Stu looked at Nick, troubled.
Nick mouthed: Yes.
"It's him," Tom said, and sighed dreadfully. It was like the sound a bitter November wind makes in a stand of denuded oaks. Stu felt that shudder inside him again. Ralph had gone pale.
"Who, Tom?" Stu asked gently.
"Flagg. His name is Randy Flagg. The dark man. You want me to..." That sick sigh again, bitter and long.
"How do you know him, Tom?" This wasn't in the script.
"Dreams... I see his face in dreams."
I see his face in dreams. But none of them had seen his face. It was always hidden.
"You see him?"
"Yes..."
"What does he look like, Tom?"
Tom didn't speak for a long time. Stu had decided he wasn't going to answer and he was preparing to go back to the "script" when Tom said: "He looks like anybody you see on the street. But when he grins, birds fall dead off telephone lines. When he looks at you a certain way, your prostate goes bad and your urine burns. The grass yellows up and dies where he spits. He's always outside. He came out of time. He doesn't know himself. He has the name of a thousand demons. Jesus knocked him into a herd of pigs once. His name is Legion. He's afraid of us. We're inside. He knows magic. He can call the wolves and live in the crows. He's the king of nowhere. But he's afraid of us. He's afraid of... inside."
Tom fell silent.
The three of them stared at each other, pallid as gravestones. Ralph had seized his hat from his head and was kneading it convulsively in his hands. Nick had put one hand over his eyes. Stu's throat had turned to dry glass.
His name is Legion. He is the king of nowhere.
"Can you say anything else about him?" Stu asked in a low voice.
"Only that I'm afraid of him, too. But I'll do what you want. But Tom... is so afraid." That dreadful sigh again.
"Tom," Ralph said suddenly. "Do you know if Mother Abagail... if she's still alive?" Ralph's face was desperately set, the face of a man who has staked everything on one turn of the cards.
"She's alive." Ralph leaned against the back of his chair with a great gust of breath. "But she's not right with God yet," Tom added.

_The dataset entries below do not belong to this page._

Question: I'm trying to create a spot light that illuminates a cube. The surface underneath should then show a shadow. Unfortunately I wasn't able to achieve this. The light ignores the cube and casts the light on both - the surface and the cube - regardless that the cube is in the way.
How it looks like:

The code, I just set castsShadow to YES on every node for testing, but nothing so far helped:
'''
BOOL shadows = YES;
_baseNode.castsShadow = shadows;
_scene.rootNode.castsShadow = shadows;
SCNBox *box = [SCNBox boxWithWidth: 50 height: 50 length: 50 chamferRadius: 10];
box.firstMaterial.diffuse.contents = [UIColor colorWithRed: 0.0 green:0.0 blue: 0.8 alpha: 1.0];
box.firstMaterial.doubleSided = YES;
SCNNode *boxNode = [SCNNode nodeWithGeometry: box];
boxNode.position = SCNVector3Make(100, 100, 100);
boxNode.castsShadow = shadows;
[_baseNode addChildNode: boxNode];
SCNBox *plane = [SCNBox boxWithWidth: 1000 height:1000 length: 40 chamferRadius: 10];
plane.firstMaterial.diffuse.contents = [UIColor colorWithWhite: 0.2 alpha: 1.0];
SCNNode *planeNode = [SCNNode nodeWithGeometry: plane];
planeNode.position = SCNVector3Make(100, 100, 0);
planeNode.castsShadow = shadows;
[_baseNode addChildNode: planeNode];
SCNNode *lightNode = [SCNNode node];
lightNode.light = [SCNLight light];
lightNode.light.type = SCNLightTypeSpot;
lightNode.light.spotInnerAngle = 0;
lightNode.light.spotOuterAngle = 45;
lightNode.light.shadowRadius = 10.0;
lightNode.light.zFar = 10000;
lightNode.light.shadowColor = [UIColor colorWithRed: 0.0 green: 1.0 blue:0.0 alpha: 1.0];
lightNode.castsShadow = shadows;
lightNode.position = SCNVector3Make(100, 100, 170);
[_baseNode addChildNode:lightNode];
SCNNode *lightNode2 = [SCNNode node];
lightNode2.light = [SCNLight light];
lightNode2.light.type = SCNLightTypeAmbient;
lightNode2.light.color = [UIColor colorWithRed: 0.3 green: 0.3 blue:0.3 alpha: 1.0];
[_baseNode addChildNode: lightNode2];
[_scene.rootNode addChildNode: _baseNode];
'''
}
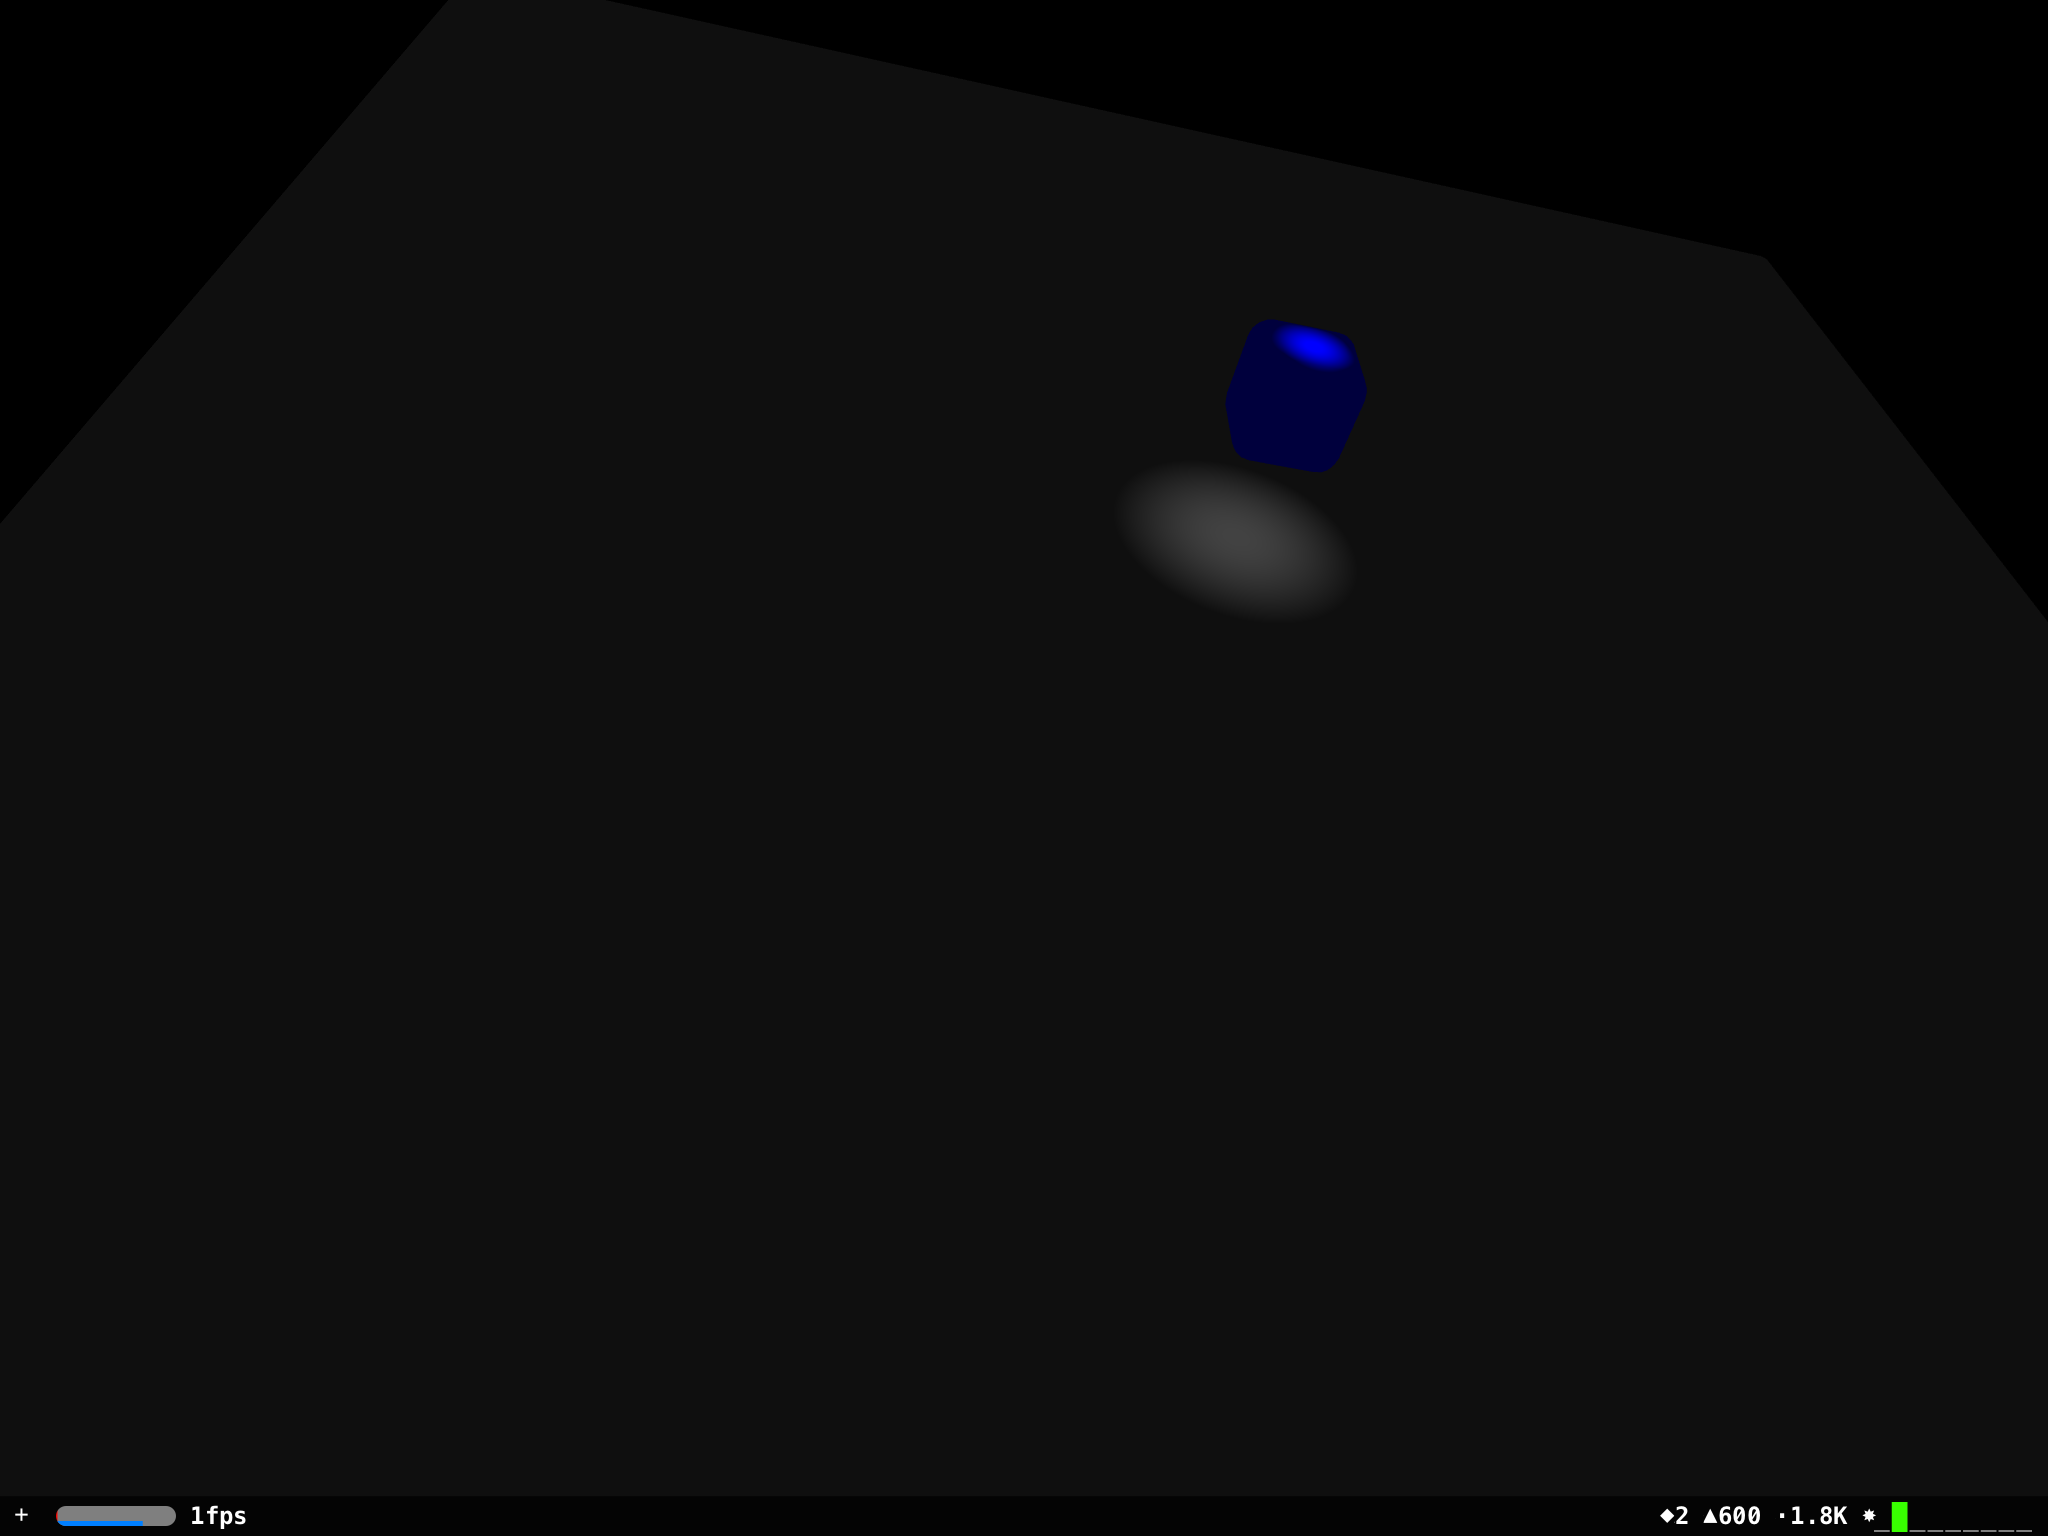
Answer: you have to set 'castsShadow' on the 'SCNLight' (instead of on the 'SCNNode' that holds the light).

"Not right with God? Why not, Tommy?"
"She's in the wilderness, God has lifted her up in the wilderness, she does not fear the terror that flies at noon or the terror that creeps at midnight... neither will the snake bite her nor the bee sting her... but she's not right with God yet. It was not the hand of Moses that brought water from the rock. It was not the hand of Abagail that turned the weasels back with their bellies empty. She's to be pitied. She will see, but she will see too late. There will be death. His death. She will die on the wrong side of the river. She - "
"Stop him," Ralph groaned. "Can't you stop him?"
"Tom," Stu said.
"Yes."
"Are you the same Tom that Nick met in Oklahoma? Are you the same Tom we know when you're awake?"
"Yes, but I am more than that Tom."
"I don't understand."
He shifted a little, his sleeping face calm.
"I am God's Tom."
Completely unnerved now, Stu almost dropped Nick's notes.
"You say you'll do what we want."
"Yes."
"But do you see... do you think you'll come back?"
"That's not for me to see or say. Where shall I go?"